While these two main innovations in Unleashed may eventually contribute to unconventional physics puzzles or more realistic hand-to-hand fighting systems, they’re really just aesthetic improvements in their current state. Euphoria, as sumotori dreams taught us, can result in some hilarious and almost-realistic character movements without influencing gameplay in any tangible way. DMM may make explosions and destruction a lot prettier, but that’s about it.
“Emergent gameplay” — Bioshock
The idea of “emergent gameplay” isn’t on the top five if only because it’s really just a buzzword: a buzzword that represents complex, user-defined experiences and wonderfully immersive gameplay, but it’s a buzzword nonetheless.
Unlike the games in the top five, emergent gameplay is not a simple mechanic that can be copied and ported into other titles: it’s a word that describes detailed, complex interactions between dozens of behavioral and environmental systems that combine to form a gameplay experience.

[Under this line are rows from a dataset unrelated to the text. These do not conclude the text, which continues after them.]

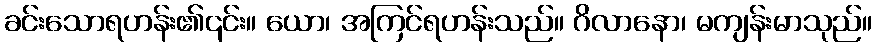
ခင်းသောရဟန်း၏၎င်း။ ယော၊ အကြင်ရဟန်းသည်။ ဂိလာနော၊ မကျန်းမာသုည်။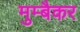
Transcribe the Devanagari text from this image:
मुम्बैकर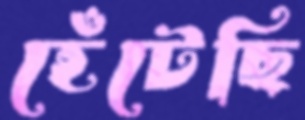
হেঁটেছি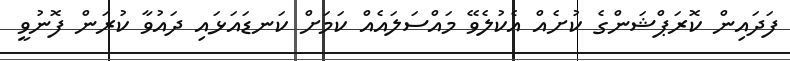
ފަދައިން ކޮރަޕްޝަންގެ ކުށެއް އެކުލެވޭ މައްސަލައެއް ކަމަށް ކަނޑައަޅައި ދައުވާ ކުރަން ފޮނުވީ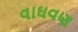
વાઘવણ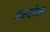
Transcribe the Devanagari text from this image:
डस्सेल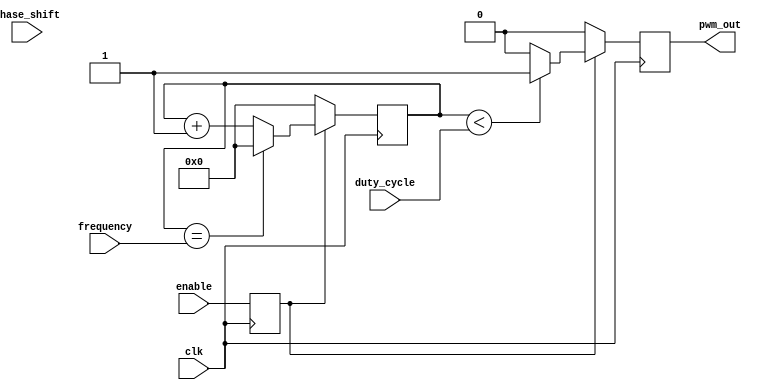
module PWM_Pulse_Generator(
    input enable,
    input [7:0] duty_cycle,
    input [15:0] frequency,
    input [7:0] phase_shift,
    input clk,
    output pwm_out
);

reg [7:0] count;
reg pwm_out_reg;
reg enable_reg;

always @(posedge clk) begin
    if(enable_reg) begin
        if(count < duty_cycle) begin
            pwm_out_reg <= 1;
        end else begin
            pwm_out_reg <= 0;
        end
        
        count <= count + 1;
        if(count == frequency) begin
            count <= 0;
        end
    end else begin
        pwm_out_reg <= 0;
        count <= 0;
    end
end

always @(posedge clk) begin
    enable_reg <= enable;
end

assign pwm_out = pwm_out_reg;

endmodule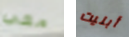
معي أبليت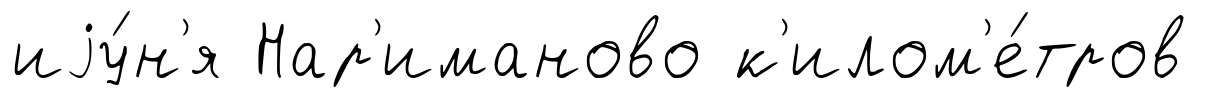
иjу́н'я Нар'иманово к'илом'е́тров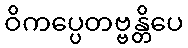
ဝိကပ္ပေတဗ္ဗန္တိပေ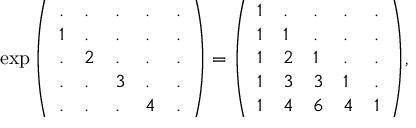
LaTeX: \exp { \left( \begin{array} { l l l l l } { . } & { . } & { . } & { . } & { . } \\ { 1 } & { . } & { . } & { . } & { . } \\ { . } & { 2 } & { . } & { . } & { . } \\ { . } & { . } & { 3 } & { . } & { . } \\ { . } & { . } & { . } & { 4 } & { . } \end{array} \right) } = { \left( \begin{array} { l l l l l } { 1 } & { . } & { . } & { . } & { . } \\ { 1 } & { 1 } & { . } & { . } & { . } \\ { 1 } & { 2 } & { 1 } & { . } & { . } \\ { 1 } & { 3 } & { 3 } & { 1 } & { . } \\ { 1 } & { 4 } & { 6 } & { 4 } & { 1 } \end{array} \right) } ,

The entire Bioshock experience depends upon the interconnectedness of these separate systems, and “emergent gameplay” is just the phrase we’ve chosen to throw around to summarize those connections.
I’m looking forward to Bioshock as much as anyone else on the planet (maybe moreso), but the beauty and innovation in Bioshock is simply too big and too complex to be considered just one gameplay innovation unto itself. So don’t write me angry emails asking why I’m hating on Bioshock, because I’m not.
*FACT: The phrase, “a gameplay innovation that will revolutionize enemy placement,” is the single douchebaggiest series of words ever typed on the Internet.